Sorry for brief reoply. About top head to bed..
* Hunters should be pretty obvious about it. Make sure you have crossbows and several stacks of bolts, so they don't have to do it bare-handed, then just keep an eye on them.
* What DoubleG said: there's a gathering zone. You can also use the zones to get fruit from trees, if you make some stepladders.
* Build a paved road over them. It basically just removes grass and plants.
* Doing anything other than cooking will get seeds from harvested plants: eating them raw, brewing drinks, processing, milling flour at a quern/millstone, etc.
So do you not use a kitchen then for awhile until you have seeds?
The systems in the game don't seem very intuitive.
I thought it would be interesting to try to discover how this stuff works, but the way the dwarfs fly around on screen it's really hard to tell what's going on if anything.
There's a menu that controls what your kitchens are allowed to cook (Labor menu -> Kitchen tab). It's best to disable cooking your seeds, drinks, and harvested crops there. You can enable it later if you have enough seeds around (or you can just buy more from caravans sometimes). If you're brewing or processing crops, you'll usually have some seeds left over to keep planting anyway.
The learning curve is a bit steep, so I usually recommend clicking around the wiki as needed. There's a quick-start guide[dwarffortresswiki.org] with a helpful spreadsheet, though it's kind of info-heavy if you read it all at once.
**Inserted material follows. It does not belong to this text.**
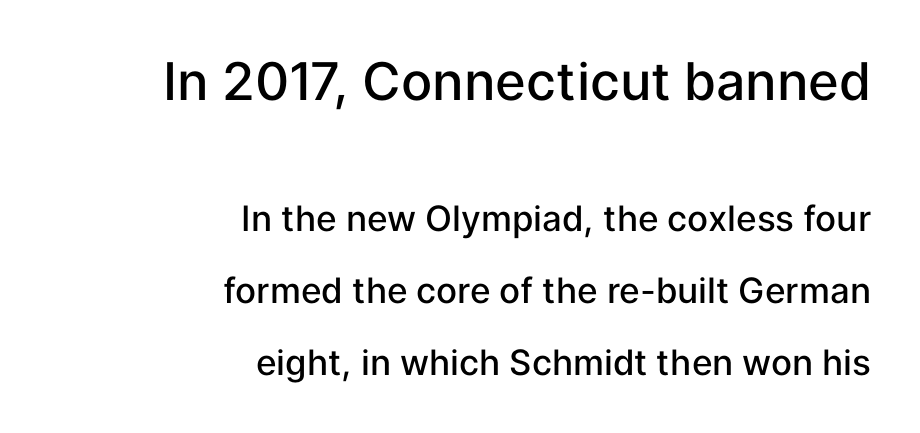
These lines were composed using upright roman letters. Each letter's strokes conclude bluntly, with no projecting serifs. This sample has the flowing, uneven cadence of proportional lettering. These lines stand farther apart than default settings would place them.

The industry pages[dwarffortresswiki.org] are pretty helpful when you want to figure out how to make something.
Farming underground was nerfed severely unless you do it on cavern's soil (which means discovering a cavern and securing a portion of it first).
You can still use underground farming to sustain your starter dwarves and get things started if needed.
If you set a gathering zone you can harvest plants as well as fruits from trees.
In an area with fruit trees it gives you quite a lot of fruits, usually once a year (most of them during summer/autumn), which can be very helpful early on.
Just remember to disable the first option if you don't want your gatherer to climb on every single tree tile and just collect from the ground, it saves quite a bit of time (and doesn't require tools).
A specialized gatherer (rather than everyone doing it) will also net you a lot more plants since it's based on skill level as well.
The kitchen is primarily to turn meat/fish/egg/cheese into more valuable meals either to trade or to give positive thoughts (especially when made from a skilled cook).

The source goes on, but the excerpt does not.